The data is split into two arrays, the train and test sets. Each of those are then split into arrays for image data and class labels. We shall split these up.

In [4]:
data_train = mnist_data[0]
data_test = mnist_data[1]

X_train, y_train = data_train[0], data_train[1]
X_test, y_test = data_test[0], data_test[1]

X_train, X_val, y_train, y_val = train_test_split(X_train, y_train)

Now we can organise in the data directory for the data generator.
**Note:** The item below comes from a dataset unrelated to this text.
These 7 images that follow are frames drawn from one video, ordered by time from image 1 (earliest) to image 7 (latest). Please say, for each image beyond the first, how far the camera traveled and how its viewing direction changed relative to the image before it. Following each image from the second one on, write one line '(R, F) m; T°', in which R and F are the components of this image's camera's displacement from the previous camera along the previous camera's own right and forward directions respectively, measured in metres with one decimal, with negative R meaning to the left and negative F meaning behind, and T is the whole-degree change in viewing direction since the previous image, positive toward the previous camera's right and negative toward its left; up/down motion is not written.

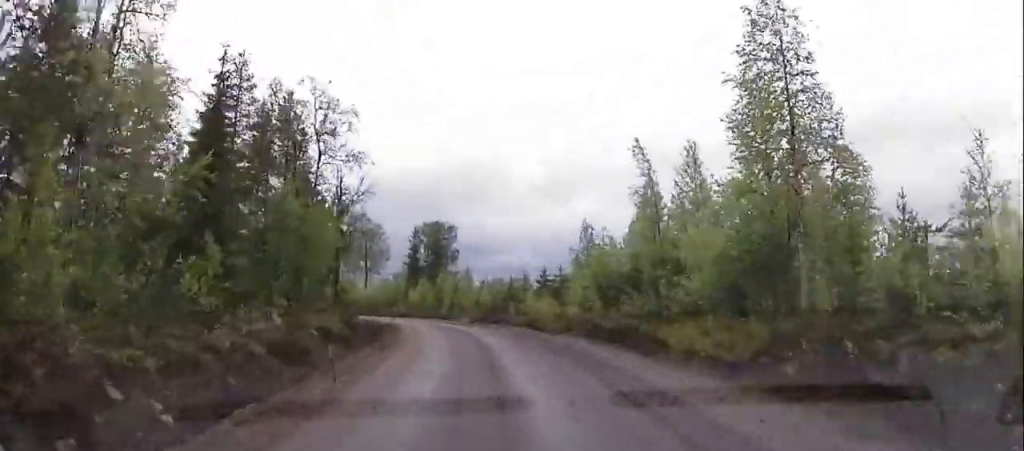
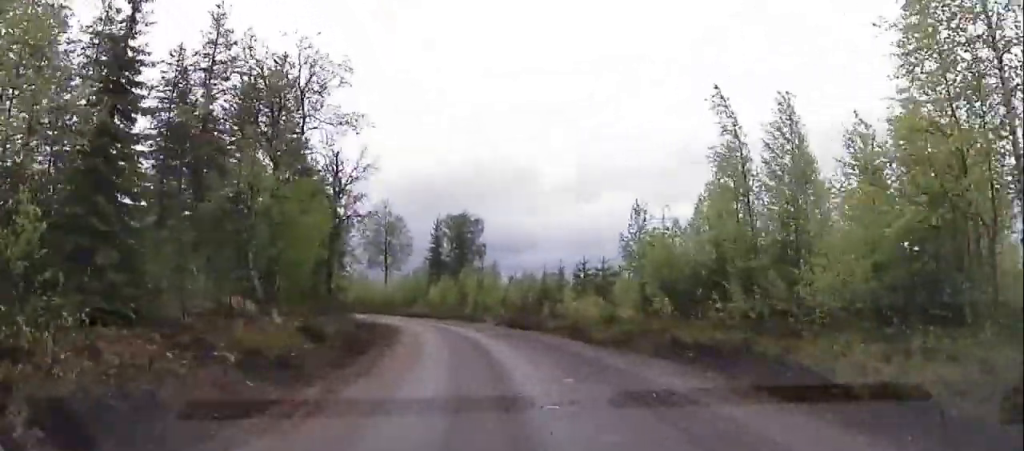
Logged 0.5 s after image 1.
(-0.4, +7.5) m; -4°
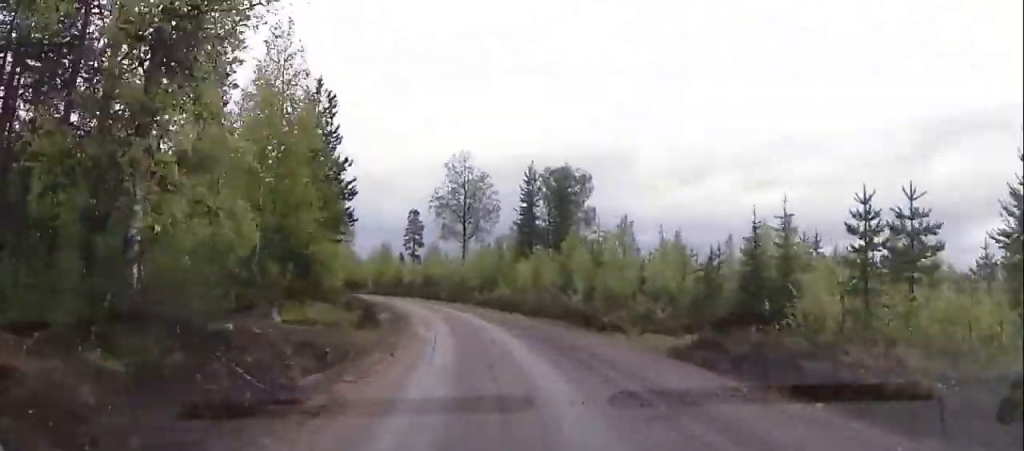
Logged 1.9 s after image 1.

First we will need to make the classes.

In [5]:
def getdirs(classes):
    cwd = os.getcwd()    
    dir_sets = []
    for s in ["train", "val", "test"]:
        dirs = []
        for c in classes:
            dir = "data/{0}/{1}/".format(s, c)
            dirs.append(os.path.join(cwd, dir))
        dir_sets.append(dirs)
    return dir_sets

def mkdirs(classes):
    dir_sets = getdirs(classes)
    for dirs in dir_sets:
        for dir in dirs:
            if not os.path.isdir(dir):    
                os.makedirs(dir)
            else:
                for filepath in os.listdir(dir):
                    os.remove(os.path.join(dir, filepath))

classes = range(10)
mkdirs(classes)

Now we can organise the images into the directories.

In [6]:
def write_imgs(classes, X_train, y_train, X_val, y_val, X_test, y_test):
    dir_sets = getdirs(classes)
    sets = [(X_train, y_train), (X_val, y_val), (X_test, y_test)]
    for (dirs, (X, y)) in zip(dir_sets, sets):
        counter = [0] * len(classes)
        for (img, label) in zip(X, y):
            filename = "{0}class_{1}_img_{2}.jpg".format(dirs[label], label, counter[label])
            cv.imwrite(filename, img)
            counter[label] += 1

write_imgs(classes, X_train, y_train, X_val, y_val, X_test, y_test)